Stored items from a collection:
===============
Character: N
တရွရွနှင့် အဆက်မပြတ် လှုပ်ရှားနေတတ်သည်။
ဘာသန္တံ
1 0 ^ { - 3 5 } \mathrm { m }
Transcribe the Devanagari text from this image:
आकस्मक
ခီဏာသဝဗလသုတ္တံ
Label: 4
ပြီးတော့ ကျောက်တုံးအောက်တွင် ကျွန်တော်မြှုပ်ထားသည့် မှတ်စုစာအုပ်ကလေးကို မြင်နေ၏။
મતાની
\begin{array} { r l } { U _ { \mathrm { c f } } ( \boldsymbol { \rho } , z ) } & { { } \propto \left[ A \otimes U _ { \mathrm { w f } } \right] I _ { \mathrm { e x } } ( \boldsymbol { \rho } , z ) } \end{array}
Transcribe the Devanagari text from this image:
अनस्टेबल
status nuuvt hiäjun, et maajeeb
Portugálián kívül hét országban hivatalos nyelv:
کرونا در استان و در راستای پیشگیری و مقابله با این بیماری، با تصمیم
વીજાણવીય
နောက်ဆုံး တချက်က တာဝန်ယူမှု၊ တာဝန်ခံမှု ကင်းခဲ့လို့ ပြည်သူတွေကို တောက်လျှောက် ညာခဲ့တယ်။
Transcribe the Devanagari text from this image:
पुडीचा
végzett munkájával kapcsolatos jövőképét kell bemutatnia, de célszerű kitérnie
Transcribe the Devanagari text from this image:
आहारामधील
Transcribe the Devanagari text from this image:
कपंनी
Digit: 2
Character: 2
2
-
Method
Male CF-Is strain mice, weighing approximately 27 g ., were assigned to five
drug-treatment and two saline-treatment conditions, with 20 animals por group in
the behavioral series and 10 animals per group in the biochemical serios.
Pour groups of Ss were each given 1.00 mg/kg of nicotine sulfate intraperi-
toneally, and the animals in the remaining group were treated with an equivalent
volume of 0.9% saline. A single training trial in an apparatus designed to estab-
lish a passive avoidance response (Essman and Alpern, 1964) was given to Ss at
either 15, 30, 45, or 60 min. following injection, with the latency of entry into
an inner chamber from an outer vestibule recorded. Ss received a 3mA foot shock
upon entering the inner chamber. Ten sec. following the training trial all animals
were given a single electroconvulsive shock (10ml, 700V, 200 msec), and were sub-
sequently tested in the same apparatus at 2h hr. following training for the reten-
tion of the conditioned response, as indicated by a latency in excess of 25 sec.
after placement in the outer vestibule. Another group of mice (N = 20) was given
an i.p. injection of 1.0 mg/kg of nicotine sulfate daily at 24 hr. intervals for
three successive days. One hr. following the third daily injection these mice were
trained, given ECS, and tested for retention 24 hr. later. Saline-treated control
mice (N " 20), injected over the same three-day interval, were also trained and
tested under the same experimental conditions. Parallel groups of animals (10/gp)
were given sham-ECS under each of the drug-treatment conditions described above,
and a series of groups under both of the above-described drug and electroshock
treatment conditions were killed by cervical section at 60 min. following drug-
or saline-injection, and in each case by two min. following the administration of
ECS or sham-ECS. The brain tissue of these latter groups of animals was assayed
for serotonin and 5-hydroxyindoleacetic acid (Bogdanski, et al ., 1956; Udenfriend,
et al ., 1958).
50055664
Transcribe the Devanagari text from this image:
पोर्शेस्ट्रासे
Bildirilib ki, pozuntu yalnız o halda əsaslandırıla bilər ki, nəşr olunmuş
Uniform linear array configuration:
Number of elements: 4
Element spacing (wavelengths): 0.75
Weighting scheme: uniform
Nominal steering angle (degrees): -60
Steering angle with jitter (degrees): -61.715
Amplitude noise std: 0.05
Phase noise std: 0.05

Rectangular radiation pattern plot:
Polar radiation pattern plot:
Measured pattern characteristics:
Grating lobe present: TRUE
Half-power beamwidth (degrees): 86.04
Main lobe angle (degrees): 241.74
===============
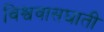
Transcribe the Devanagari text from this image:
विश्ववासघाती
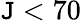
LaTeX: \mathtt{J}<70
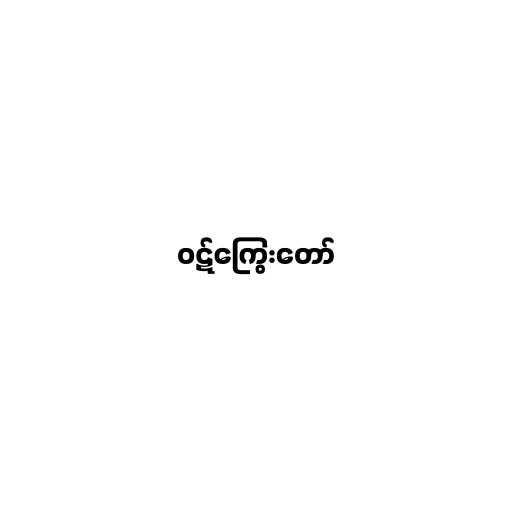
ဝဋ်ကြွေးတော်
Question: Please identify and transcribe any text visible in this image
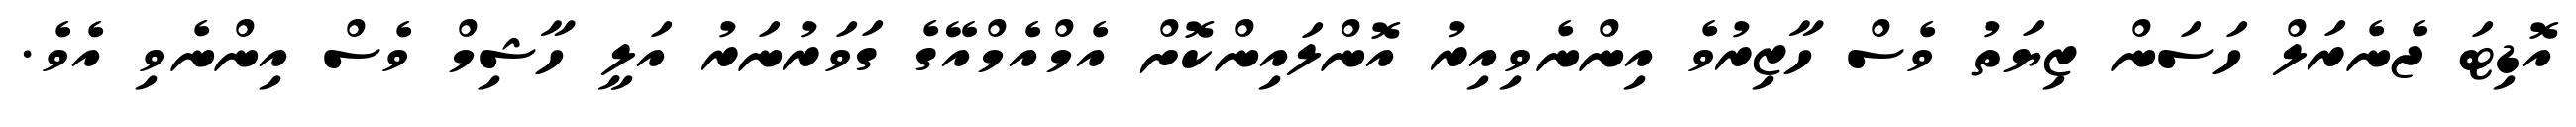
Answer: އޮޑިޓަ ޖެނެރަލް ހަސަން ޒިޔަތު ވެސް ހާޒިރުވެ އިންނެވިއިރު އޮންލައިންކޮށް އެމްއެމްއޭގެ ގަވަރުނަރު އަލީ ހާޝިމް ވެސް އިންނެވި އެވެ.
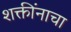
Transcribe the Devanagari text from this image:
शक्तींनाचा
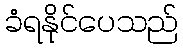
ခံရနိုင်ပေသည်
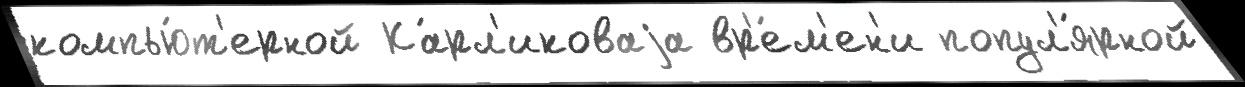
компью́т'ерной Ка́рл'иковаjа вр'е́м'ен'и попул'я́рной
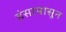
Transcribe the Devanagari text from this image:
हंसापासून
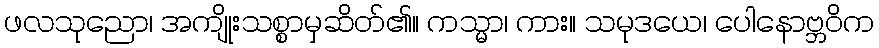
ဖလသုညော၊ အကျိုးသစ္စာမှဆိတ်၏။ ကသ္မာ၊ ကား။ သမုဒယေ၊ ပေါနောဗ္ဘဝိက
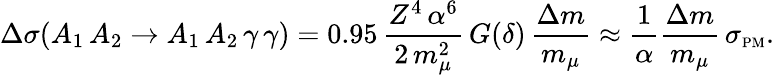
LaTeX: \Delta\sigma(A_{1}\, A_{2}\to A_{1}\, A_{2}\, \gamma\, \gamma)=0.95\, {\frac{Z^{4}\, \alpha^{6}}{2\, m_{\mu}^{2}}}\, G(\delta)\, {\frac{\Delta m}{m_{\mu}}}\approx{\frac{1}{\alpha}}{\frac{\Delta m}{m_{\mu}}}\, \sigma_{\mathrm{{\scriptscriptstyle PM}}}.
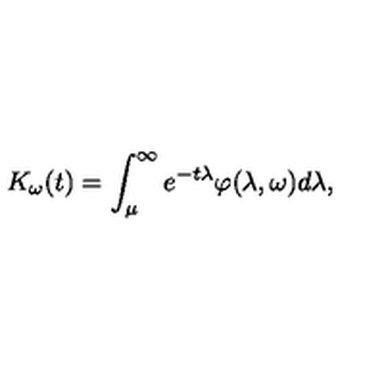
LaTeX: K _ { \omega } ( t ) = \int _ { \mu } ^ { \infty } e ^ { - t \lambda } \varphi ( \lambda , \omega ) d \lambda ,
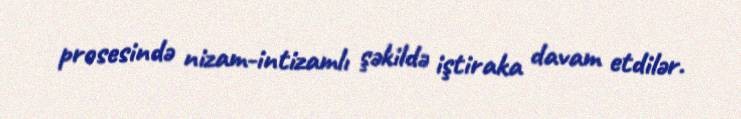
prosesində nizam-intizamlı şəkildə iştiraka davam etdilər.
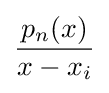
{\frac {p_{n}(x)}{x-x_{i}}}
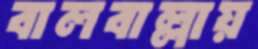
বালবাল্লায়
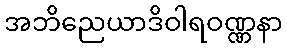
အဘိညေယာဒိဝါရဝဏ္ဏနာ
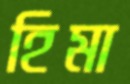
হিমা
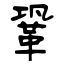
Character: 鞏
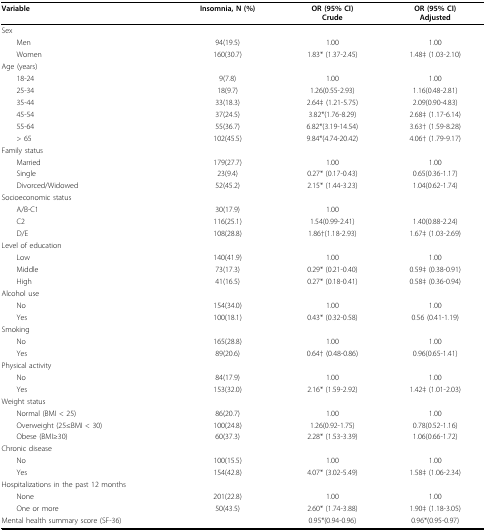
===============
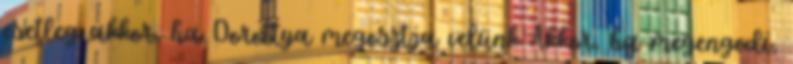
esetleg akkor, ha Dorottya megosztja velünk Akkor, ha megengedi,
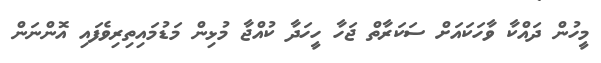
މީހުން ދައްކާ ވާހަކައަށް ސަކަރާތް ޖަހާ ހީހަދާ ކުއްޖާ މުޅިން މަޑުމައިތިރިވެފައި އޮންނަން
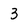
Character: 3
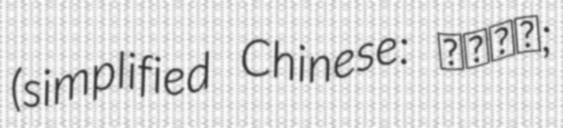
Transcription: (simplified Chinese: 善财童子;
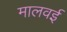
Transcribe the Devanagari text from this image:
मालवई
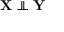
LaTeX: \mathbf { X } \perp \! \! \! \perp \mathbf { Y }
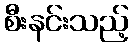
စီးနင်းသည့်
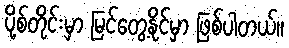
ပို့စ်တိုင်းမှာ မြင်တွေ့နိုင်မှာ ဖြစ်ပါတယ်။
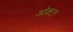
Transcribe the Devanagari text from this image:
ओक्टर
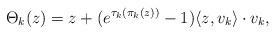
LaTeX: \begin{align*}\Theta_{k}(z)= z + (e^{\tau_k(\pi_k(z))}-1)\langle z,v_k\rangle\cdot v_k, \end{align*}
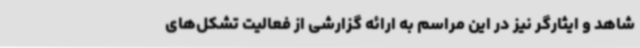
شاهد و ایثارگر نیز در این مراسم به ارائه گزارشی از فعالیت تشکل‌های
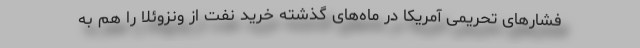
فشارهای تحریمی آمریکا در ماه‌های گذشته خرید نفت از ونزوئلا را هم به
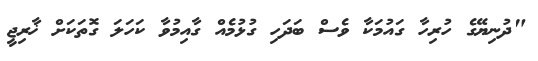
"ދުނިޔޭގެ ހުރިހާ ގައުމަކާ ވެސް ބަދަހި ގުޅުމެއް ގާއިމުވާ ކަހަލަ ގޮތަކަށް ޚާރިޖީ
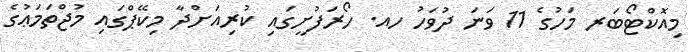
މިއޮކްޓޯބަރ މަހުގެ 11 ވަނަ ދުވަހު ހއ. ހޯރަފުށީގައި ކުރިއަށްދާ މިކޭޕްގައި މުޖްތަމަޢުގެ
===============
EXERCISE DETAILS>
Each line in the records above with "lobe" must be returned.

RESULT OF THE TASK>
Grating lobe present: TRUE
Main lobe angle (degrees): 241.74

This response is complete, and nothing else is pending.